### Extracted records

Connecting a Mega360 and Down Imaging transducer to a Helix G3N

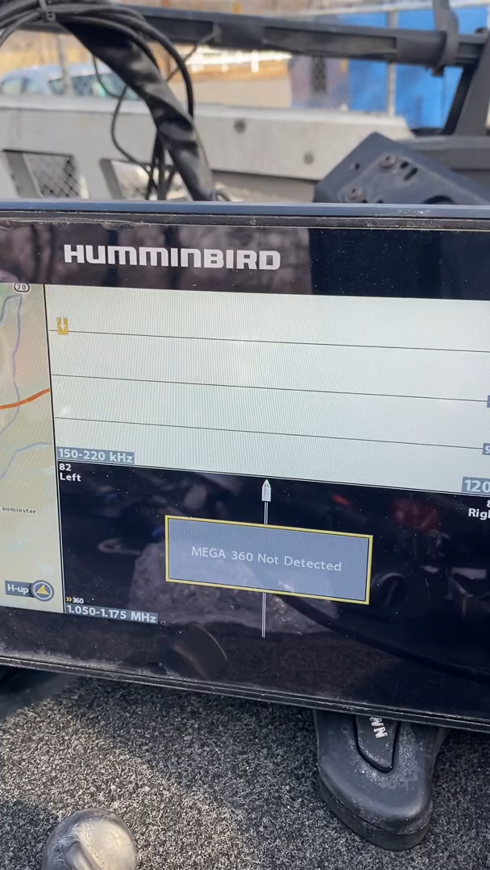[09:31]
all right so it's saying mega 360 not detected so we'll go right into the menu
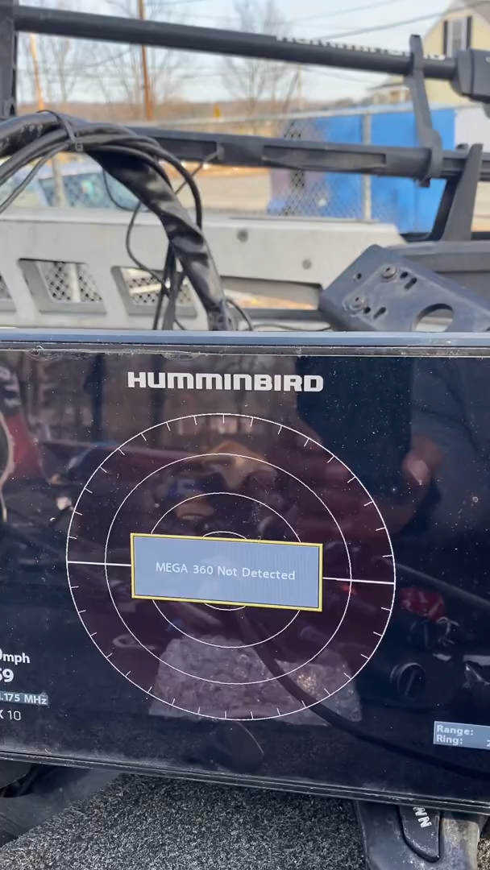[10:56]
once i put that guy in the water see this is what you want to see you know so as long as the screen comes up the input
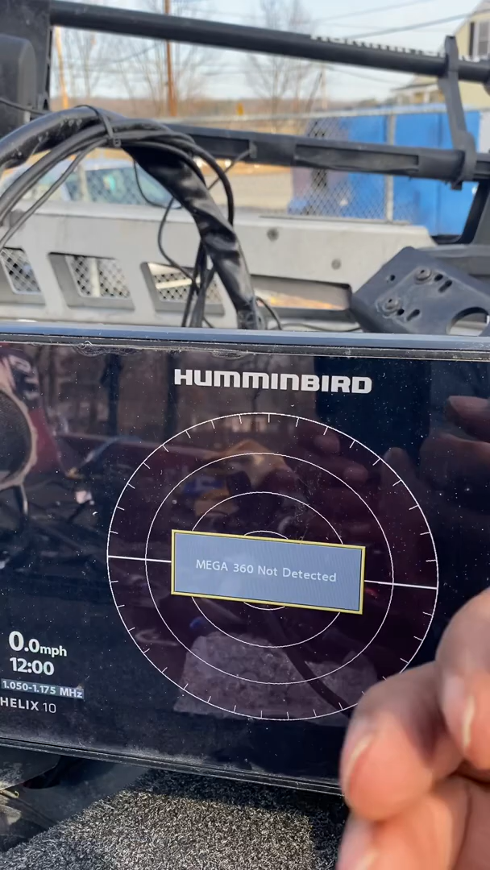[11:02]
is reading so the head's like yo i see you over there something's telling me you exist but
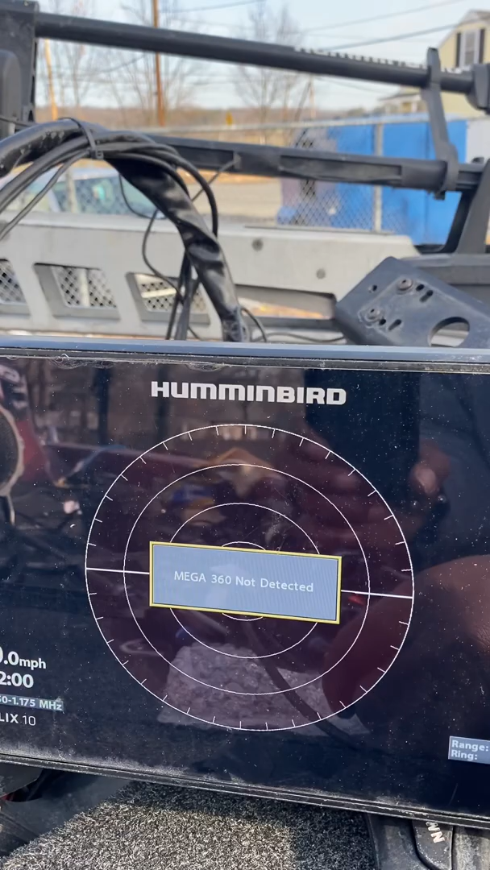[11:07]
the 360 is not working because it's not in the water so once you have this functionality right here
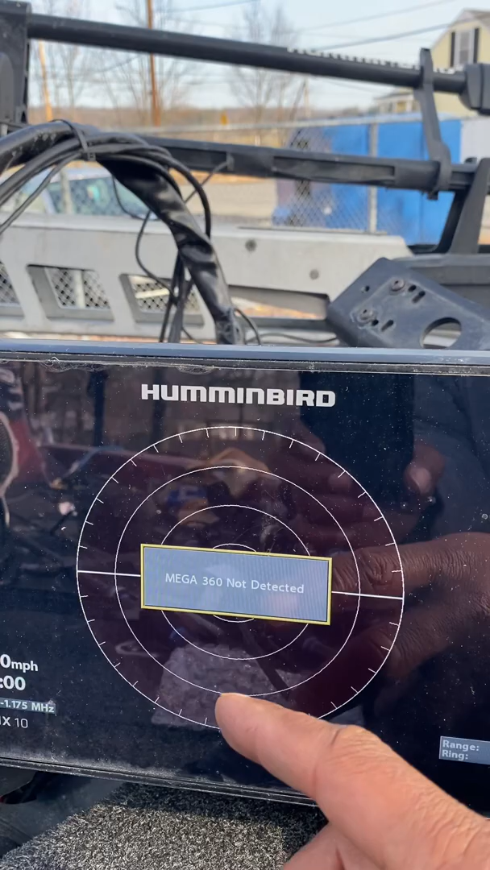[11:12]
you're good to go so i may not be able to demonstrate the next the
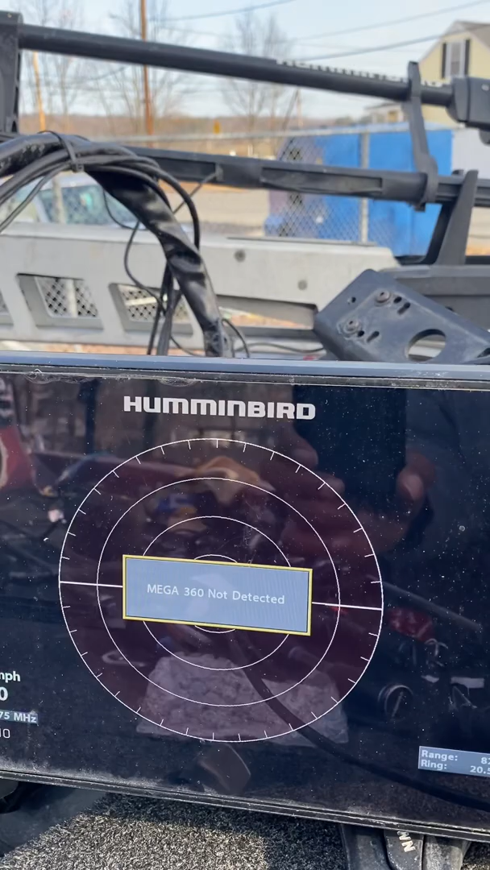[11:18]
next um usage for the 360 uh because it's not
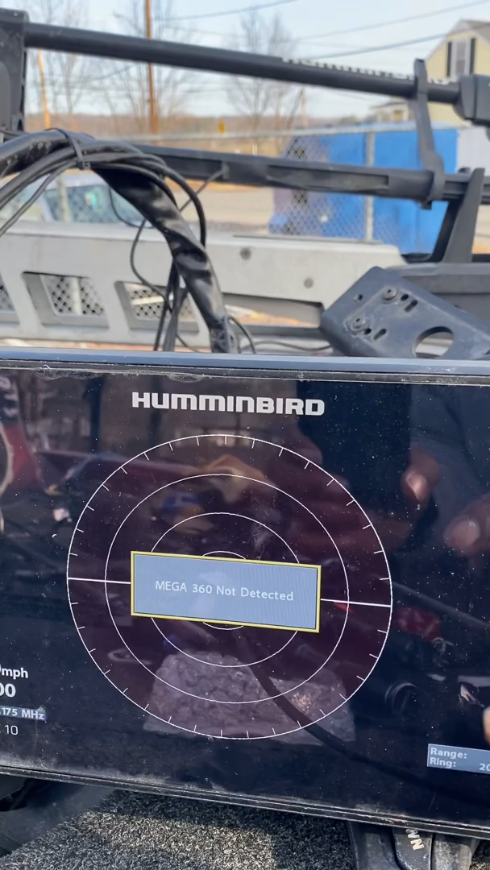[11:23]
in the water but let's see so if you scroll around so so you can't scroll right now because this isn't isn't functioning
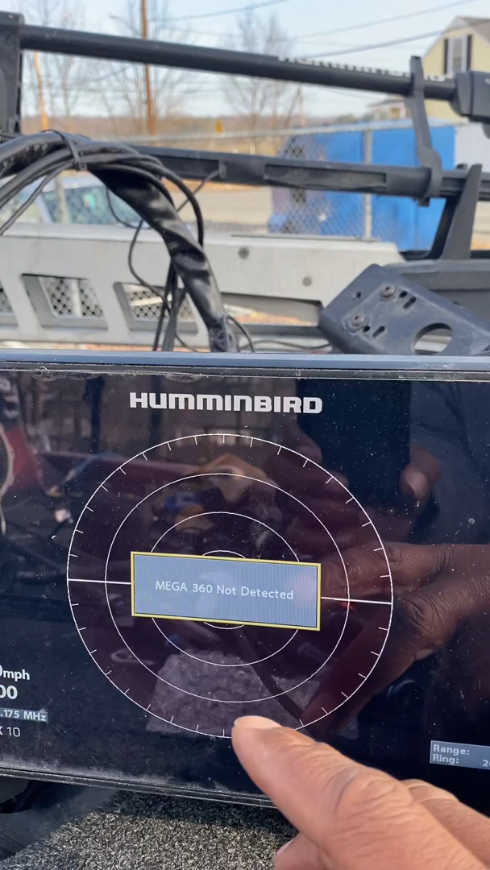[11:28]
but if we go to menu and let's see actually let's go back to
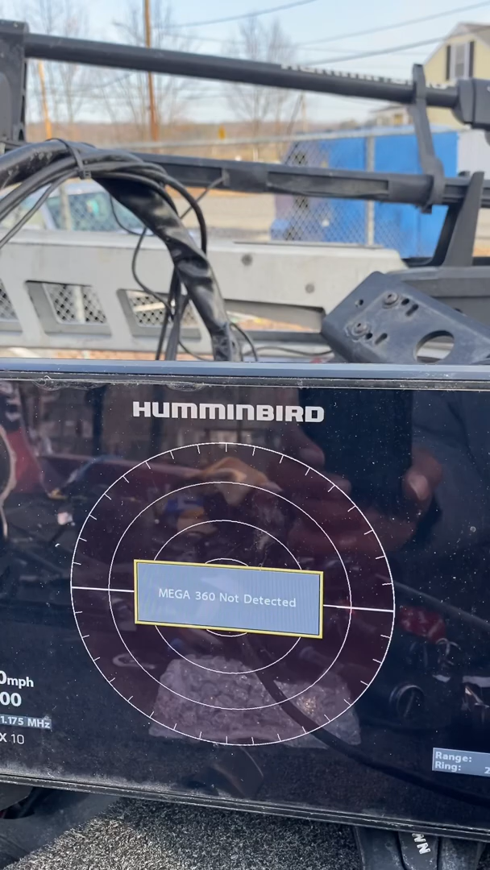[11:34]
the top menu here and you'll see mega 360 settings right here so
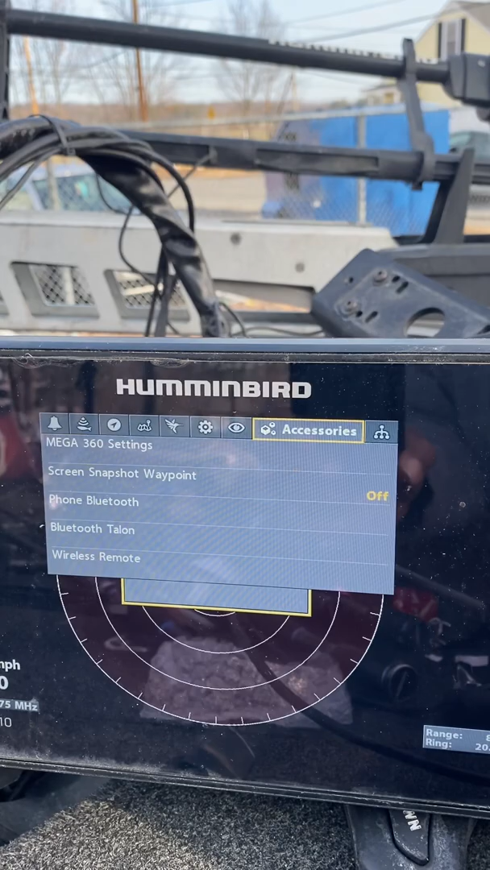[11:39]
this right here once you're going to mega 360 settings you can you want to make sure you're on the
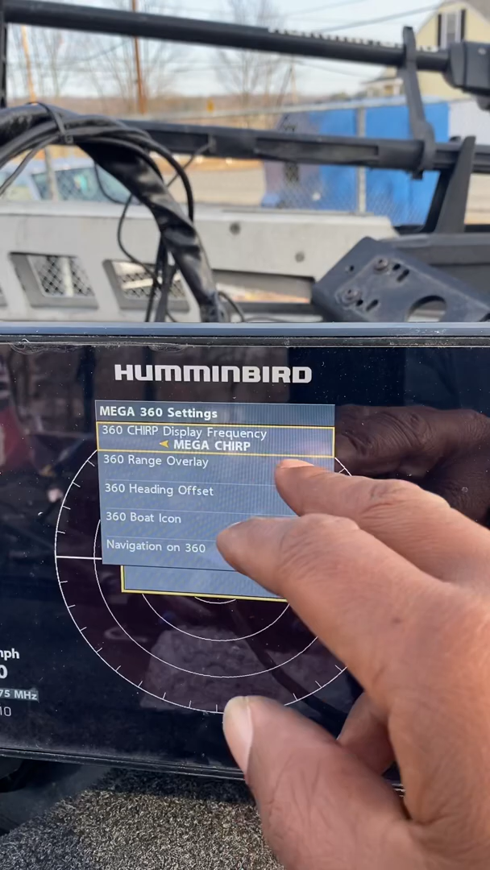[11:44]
right transducer which is mega chirp but you want to turn navigation on 360 you want to make sure
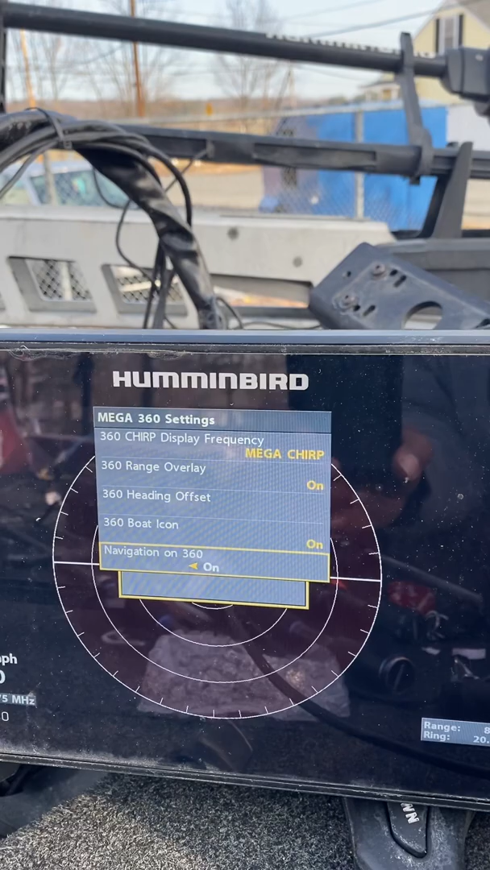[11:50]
that is that is on okay and once that is on you can exit out and
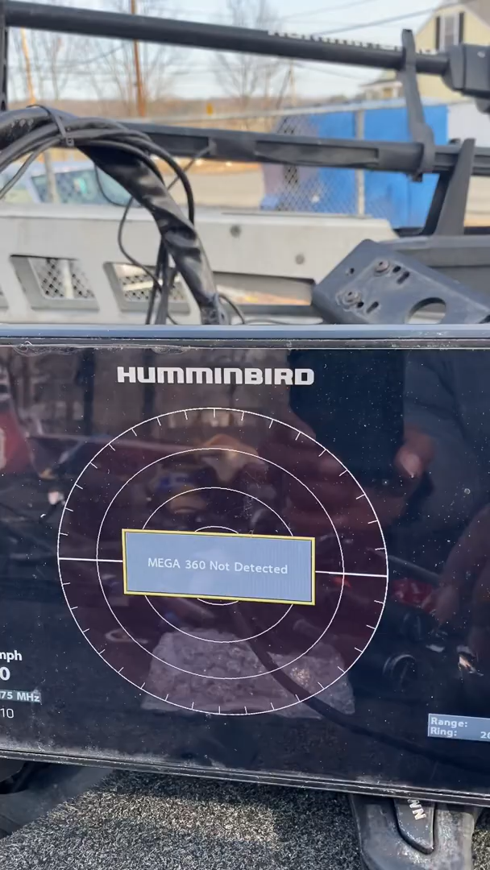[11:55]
you get to your mega 360 screen and you can scroll over and you'll be able to mark waypoints
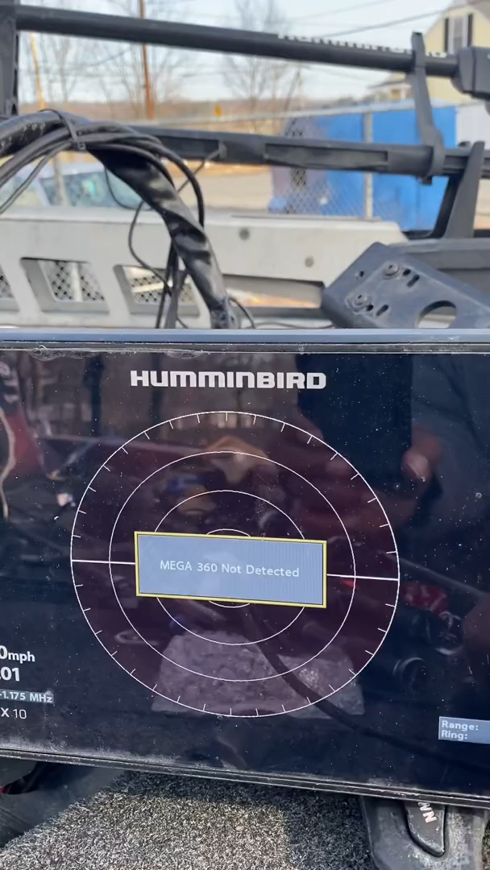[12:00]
so for how the way i use this right now just some quick settings real quick you
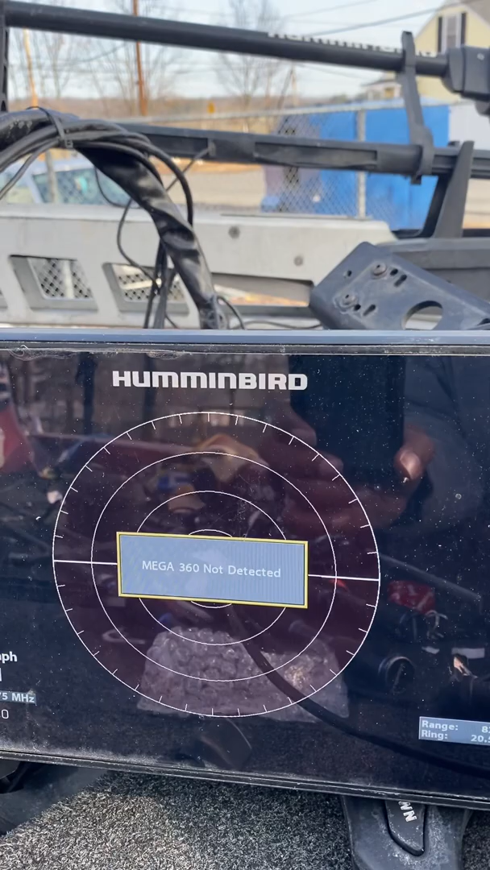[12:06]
know um always make sure my 360 is uh my top screen for a shortcut
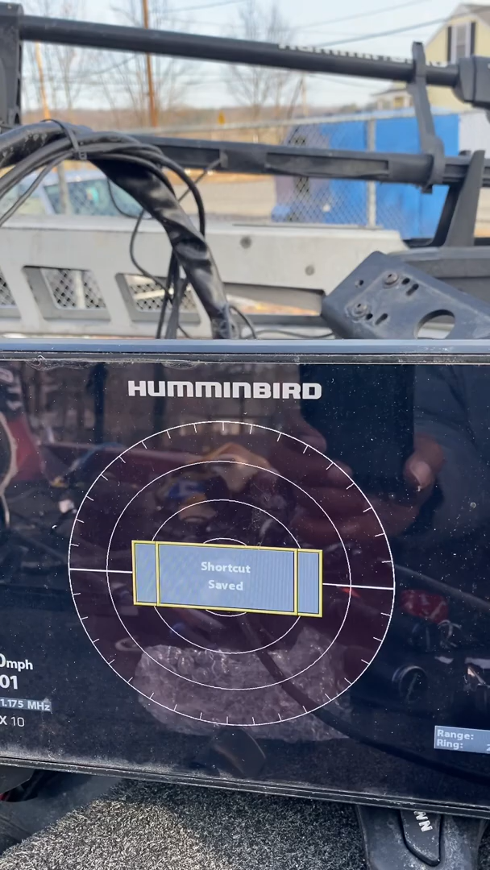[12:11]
and then i'll go through my views
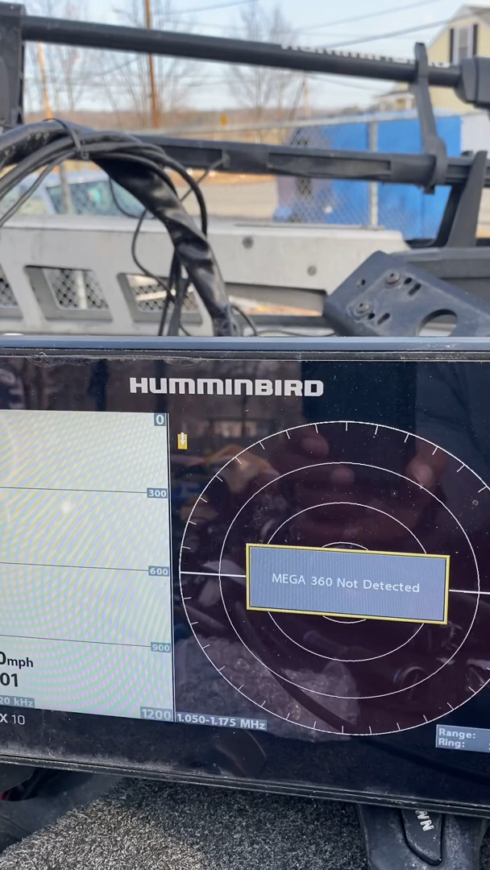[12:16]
and i'll get a 360 with um with mapping

### Task description
Each record must be returned exactly as it stands, and the images omitted.

### Result below
Connecting a Mega360 and Down Imaging transducer to a Helix G3N

[09:31]
all right so it's saying mega 360 not detected so we'll go right into the menu
[10:56]
once i put that guy in the water see this is what you want to see you know so as long as the screen comes up the input
[11:02]
is reading so the head's like yo i see you over there something's telling me you exist but
[11:07]
the 360 is not working because it's not in the water so once you have this functionality right here
[11:12]
you're good to go so i may not be able to demonstrate the next the
[11:18]
next um usage for the 360 uh because it's not
[11:23]
in the water but let's see so if you scroll around so so you can't scroll right now because this isn't isn't functioning
[11:28]
but if we go to menu and let's see actually let's go back to
[11:34]
the top menu here and you'll see mega 360 settings right here so
[11:39]
this right here once you're going to mega 360 settings you can you want to make sure you're on the
[11:44]
right transducer which is mega chirp but you want to turn navigation on 360 you want to make sure
[11:50]
that is that is on okay and once that is on you can exit out and
[11:55]
you get to your mega 360 screen and you can scroll over and you'll be able to mark waypoints
[12:00]
so for how the way i use this right now just some quick settings real quick you
[12:06]
know um always make sure my 360 is uh my top screen for a shortcut
[12:11]
and then i'll go through my views
[12:16]
and i'll get a 360 with um with mapping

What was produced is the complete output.